* _To do_:
The records below are to be reproduced exactly, and no picture should appear in the copy.

* _Data excerpts_:
------------------------------------------------------------------------

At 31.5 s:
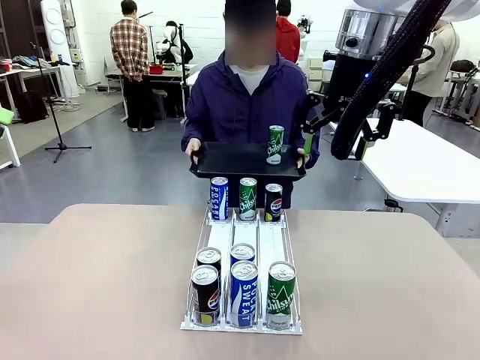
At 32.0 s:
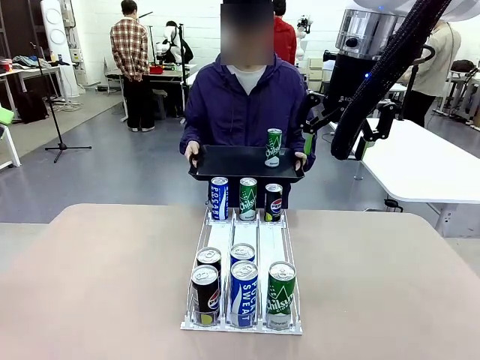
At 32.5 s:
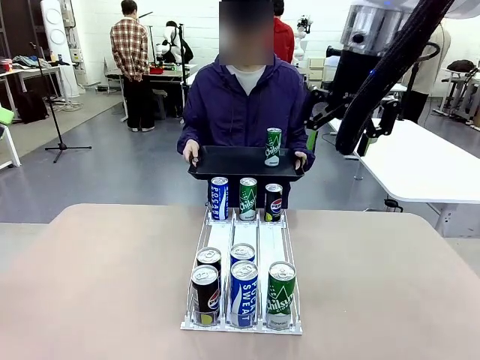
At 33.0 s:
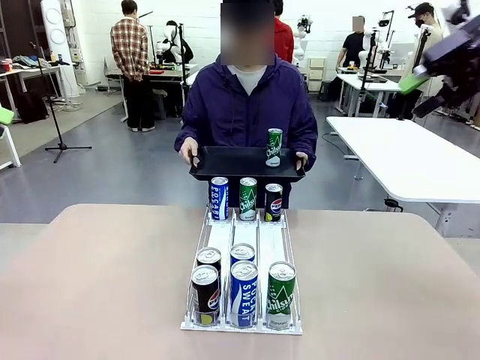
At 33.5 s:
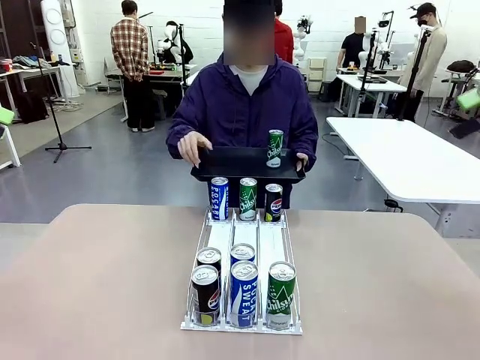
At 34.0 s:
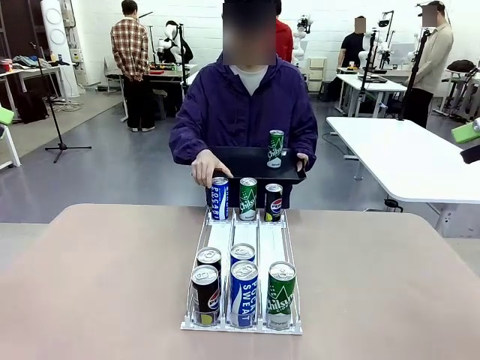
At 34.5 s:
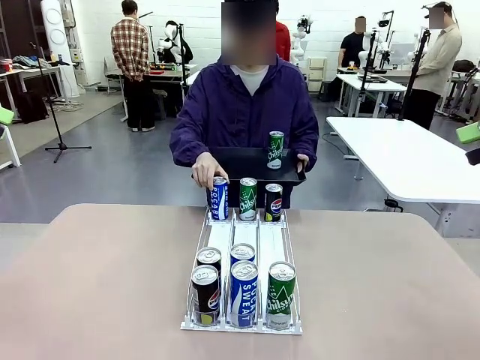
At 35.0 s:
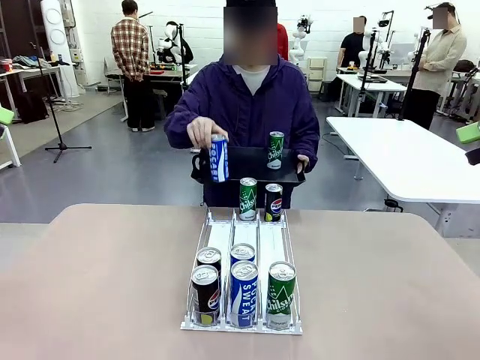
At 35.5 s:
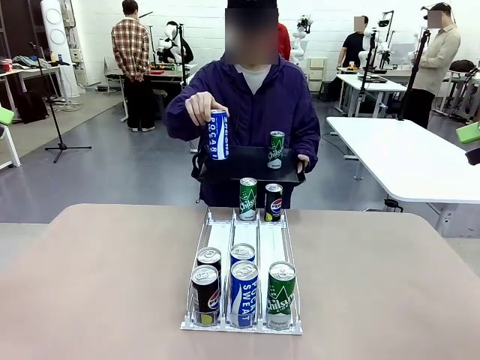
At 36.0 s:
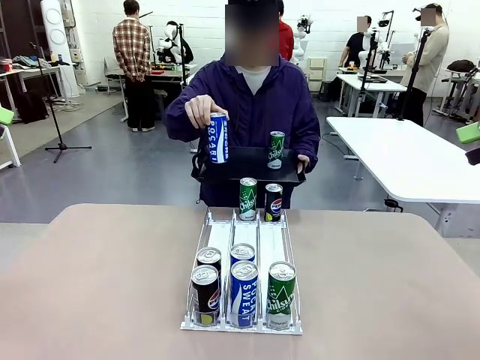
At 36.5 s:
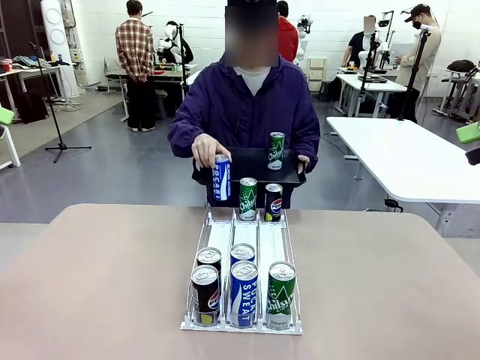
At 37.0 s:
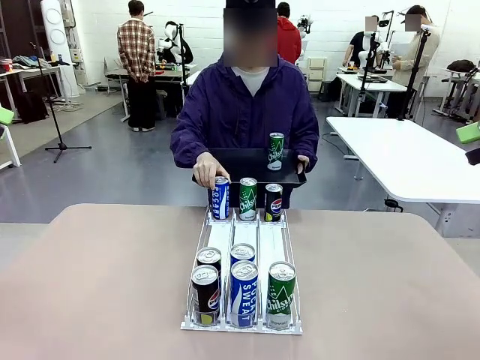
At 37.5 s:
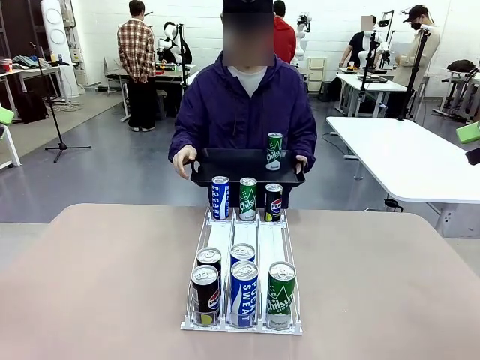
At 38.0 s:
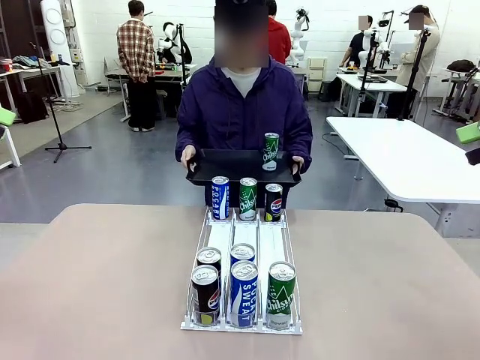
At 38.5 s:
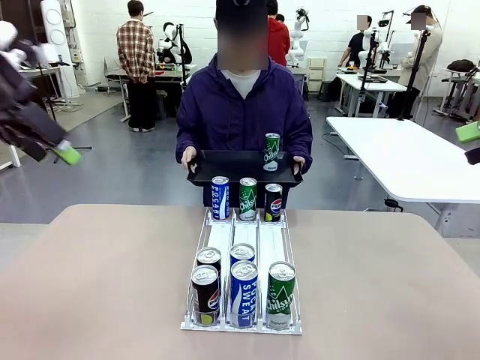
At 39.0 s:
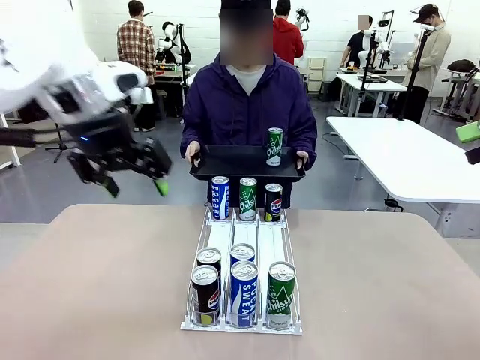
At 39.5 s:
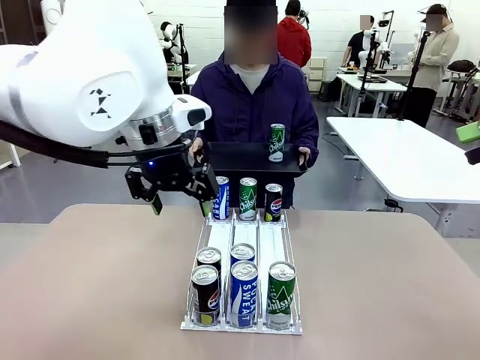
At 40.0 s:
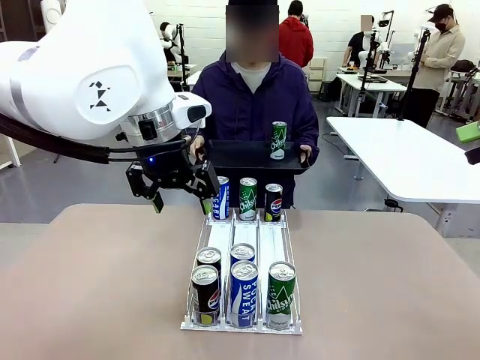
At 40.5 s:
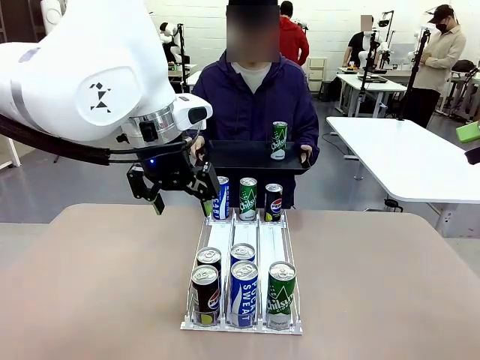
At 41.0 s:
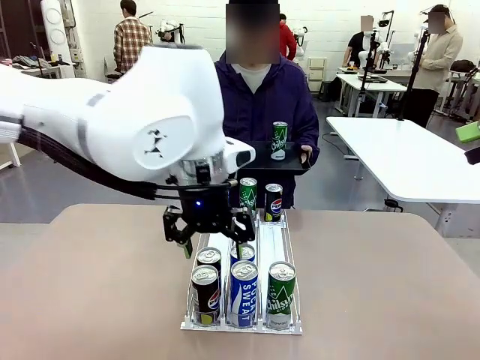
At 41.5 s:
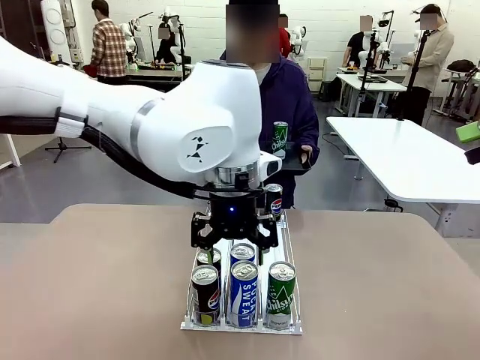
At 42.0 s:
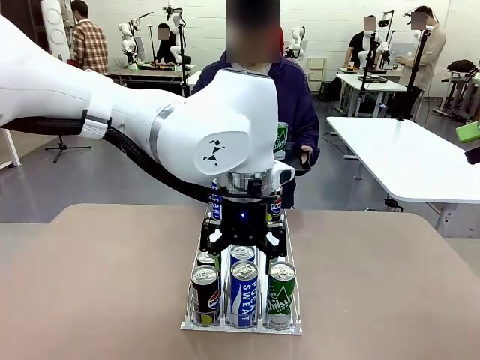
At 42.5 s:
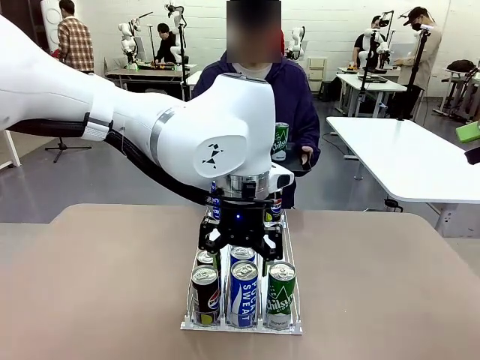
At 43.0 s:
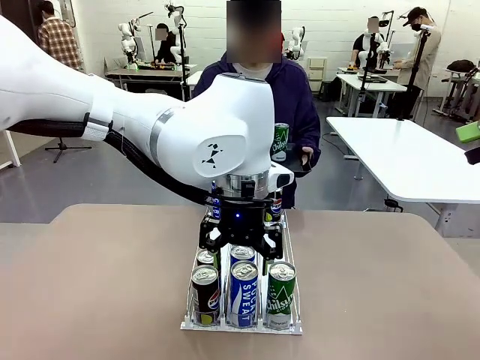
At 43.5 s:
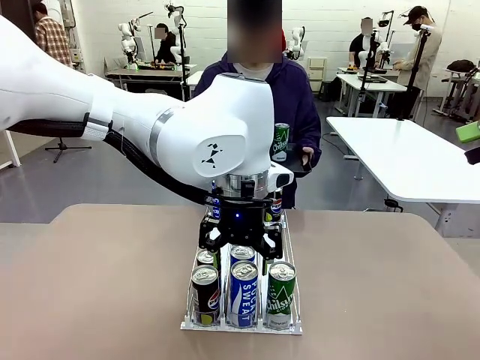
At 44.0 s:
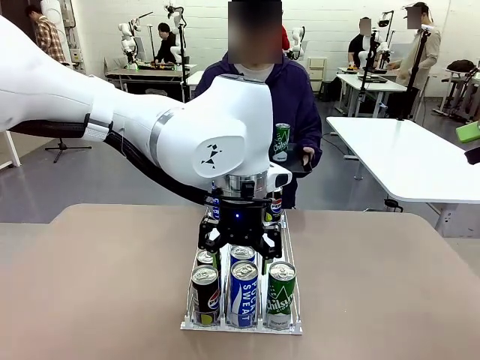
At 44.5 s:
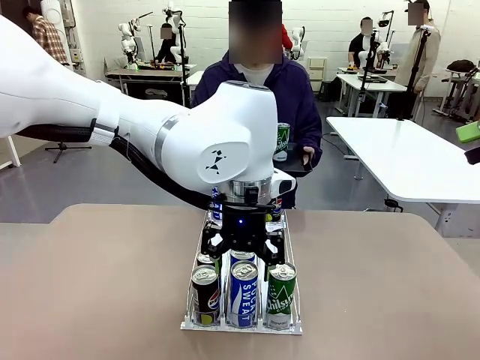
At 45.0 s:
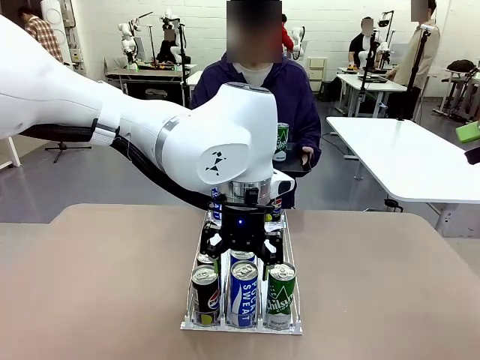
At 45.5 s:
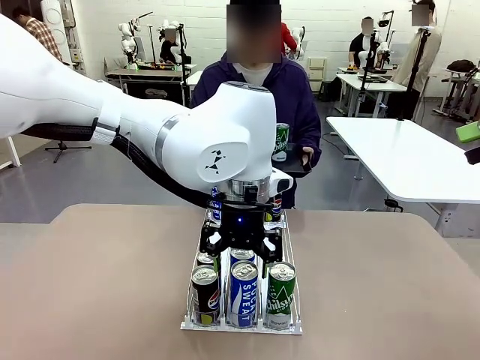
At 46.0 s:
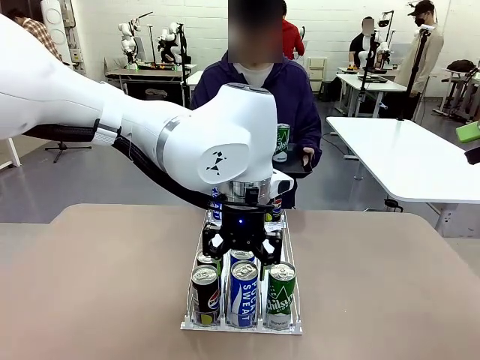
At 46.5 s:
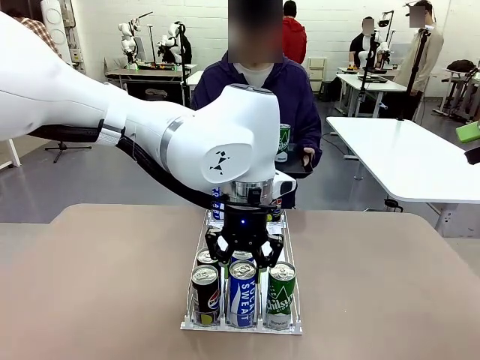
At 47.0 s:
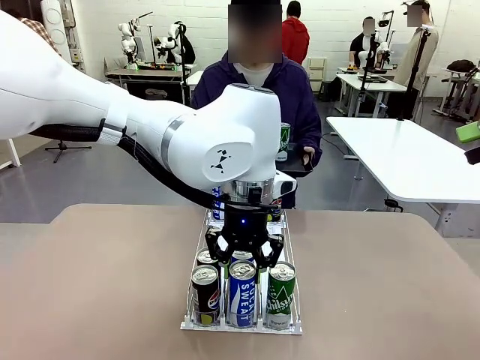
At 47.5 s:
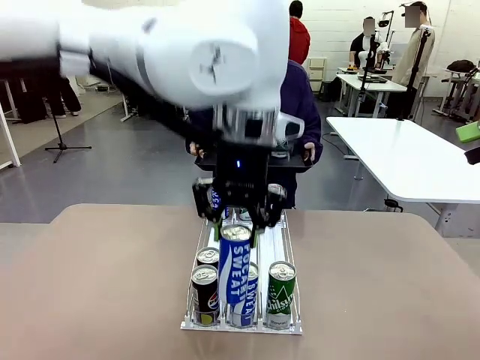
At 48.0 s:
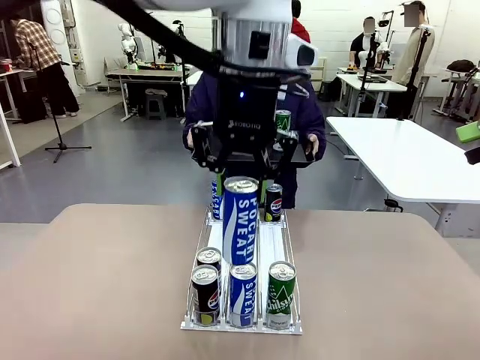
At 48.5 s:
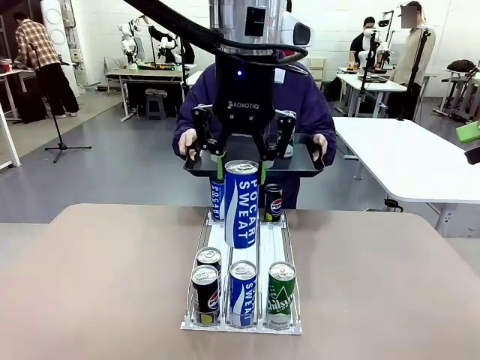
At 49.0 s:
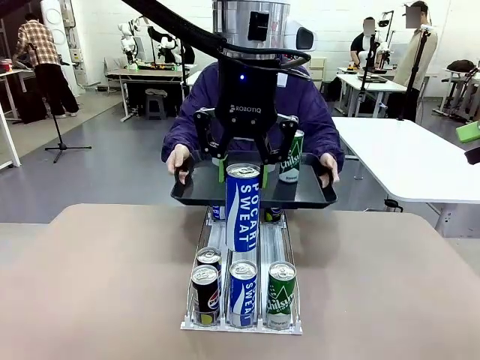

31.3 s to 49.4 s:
Robot: Pick up another can of the same type that the person held from the Automatic Can Dispenser.
Person: Push the tray toward the robot again.

------------------------------------------------------------------------

* _Answer below_:
At 31.5 s:
At 32.0 s:
At 32.5 s:
At 33.0 s:
At 33.5 s:
At 34.0 s:
At 34.5 s:
At 35.0 s:
At 35.5 s:
At 36.0 s:
At 36.5 s:
At 37.0 s:
At 37.5 s:
At 38.0 s:
At 38.5 s:
At 39.0 s:
At 39.5 s:
At 40.0 s:
At 40.5 s:
At 41.0 s:
At 41.5 s:
At 42.0 s:
At 42.5 s:
At 43.0 s:
At 43.5 s:
At 44.0 s:
At 44.5 s:
At 45.0 s:
At 45.5 s:
At 46.0 s:
At 46.5 s:
At 47.0 s:
At 47.5 s:
At 48.0 s:
At 48.5 s:
At 49.0 s:

31.3 s to 49.4 s:
Robot: Pick up another can of the same type that the person held from the Automatic Can Dispenser.
Person: Push the tray toward the robot again.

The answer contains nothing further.